Max Weber distinguait deux grandes postures politiques : l’éthique de conviction, qui repose sur des principes absolus, et l’éthique de responsabilité, qui assume les conséquences des décisions prises. Pendant longtemps, cette opposition a servi à analyser les choix des dirigeants : fallait-il rester fidèle à un idéal coûte que coûte, ou bien composer avec la réalité ?
Aujourd’hui, ces catégories tiennent-elles encore dans un monde politique où le chaos programmatique devient une stratégie et où l’économie de l’attention impose ses règles ?
L’éthique de conviction est-elle encore sincère ?
Dans un monde où la visibilité est devenue la ressource la plus précieuse, l’éthique de conviction elle-même n’est-elle pas en train de se transformer ? Faut-il encore y voir un engagement sincère, ou bien une posture calibrée pour maximiser l’attention ?
Jean-Luc Mélenchon illustre parfaitement cette tension. Officiellement, il se place dans une éthique de conviction radicale, refusant tout compromis au nom de son idéal. Mais en réalité, son approche repose sur une maîtrise de l’attention politique, enchaînant crises et coups d’éclat qui imposent son tempo dans l’espace public. Le chaos programmatique devient un outil de domination du débat, et non plus un simple effet secondaire.
Dès lors, les véritables stratèges de l’éthique de conviction ne sont-ils pas en train de disparaître, remplacés par des figures qui assument un chaos organisé pour mieux dicter les termes de la conversation politique ?
De l’autre côté, L’éthique de responsabilité est elle encore de mise
Théoriquement, elle suppose un calcul rationnel des conséquences politiques. Mais dans un univers où le court-termisme domine, où la gestion de l’agenda médiatique est primordiale, qui agit encore en réel stratège de long terme ?
Emmanuel Macron se veut l’incarnation de l’éthique de responsabilité, assumant des décisions impopulaires au nom d’un bien supérieur. Mais ses prises de position sont également mises en scène pour créer des moments de rupture, du buzz, qui lui permettent de structurer le débat autour de sa propre figure.
Weber peut-il encore nous aider à penser la politique contemporaine ?
Si Weber opposait ces deux postures, le monde politique actuel semble les tordre dans une même logique d’hyperbolisation du débat, de radicalisation des enjeux.

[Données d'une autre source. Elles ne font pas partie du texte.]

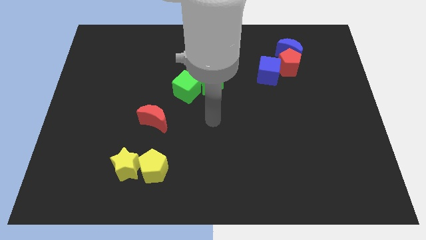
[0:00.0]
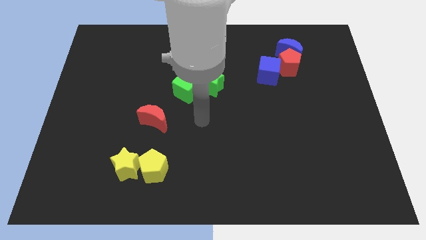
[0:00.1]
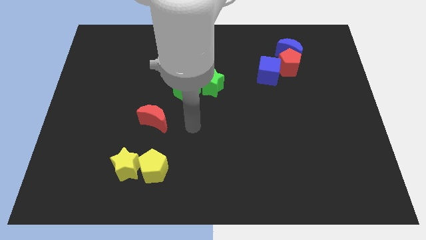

D’un côté, le chaos est programmé pour entretenir une domination médiatique, de l’autre, les principes sont exagérés, caricaturés, pour maximiser la visibilité.
Alors, faut-il encore penser en termes d’éthique de responsabilité et d’éthique de conviction, ou bien devons-nous reconnaître que l’espace politique est devenu un pur jeu de gestion de l’agenda et de captation de l’attention ?
Ce n’est plus l’éthique qui structure l’action politique, mais la capacité à imposer un tempo.